Requirement: Omitting the pictures, print every line below exactly as it stands.

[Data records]
———

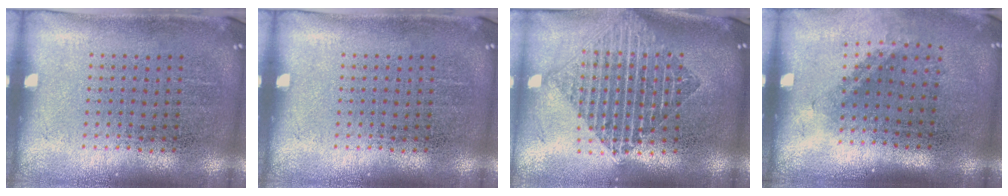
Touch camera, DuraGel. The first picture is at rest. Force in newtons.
{"total": 0.0}
{"total": 2.2, "press": 1.8, "slide": 1.3}
{"total": 1.5, "press": 1.0, "slide": 1.1}
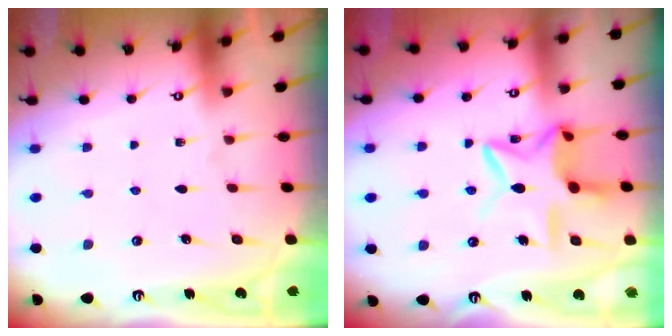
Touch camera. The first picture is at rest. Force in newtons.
{"total": 12.5, "press": 12.5, "slide": 1.0}
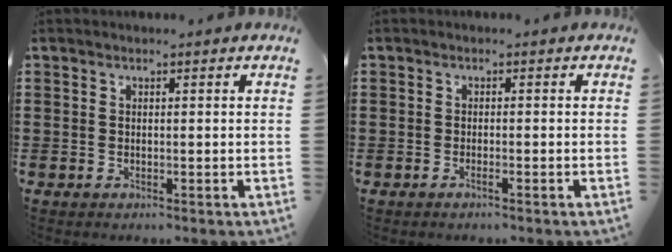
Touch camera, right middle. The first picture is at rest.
{"total": 0.8, "force": [-0.5, -0.1, 0.6], "torque": [-0.012, -0.004, -0.008]}
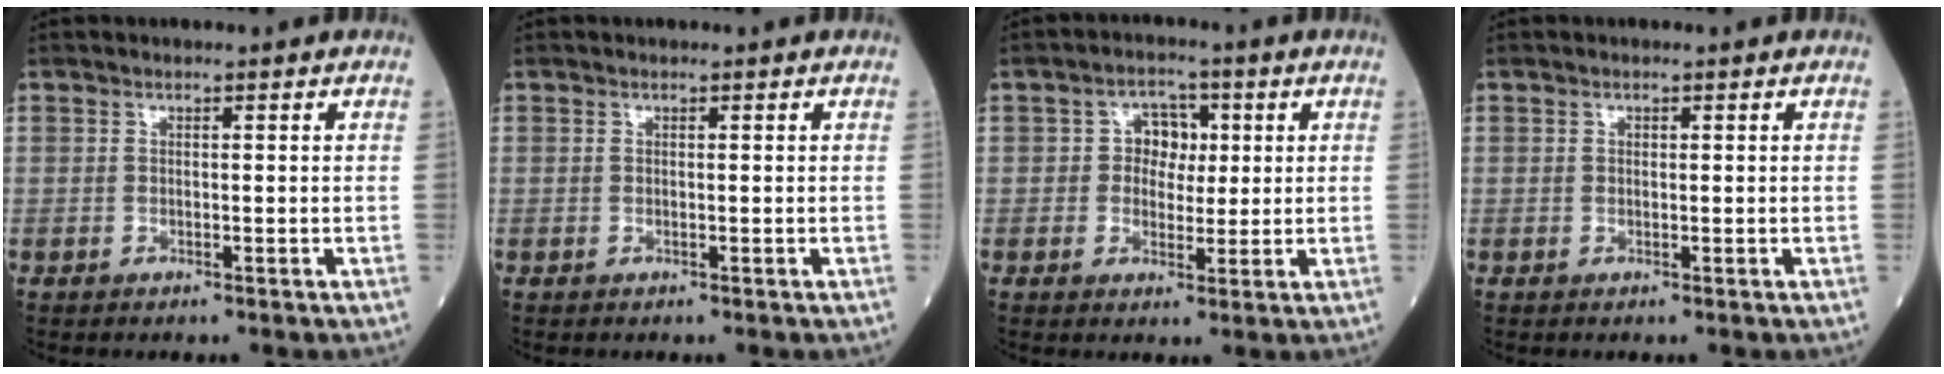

———

Answer section:
Touch camera, DuraGel. The first picture is at rest. Force in newtons.
{"total": 0.0}
{"total": 2.2, "press": 1.8, "slide": 1.3}
{"total": 1.5, "press": 1.0, "slide": 1.1}
Touch camera. The first picture is at rest. Force in newtons.
{"total": 12.5, "press": 12.5, "slide": 1.0}
Touch camera, right middle. The first picture is at rest.
{"total": 0.8, "force": [-0.5, -0.1, 0.6], "torque": [-0.012, -0.004, -0.008]}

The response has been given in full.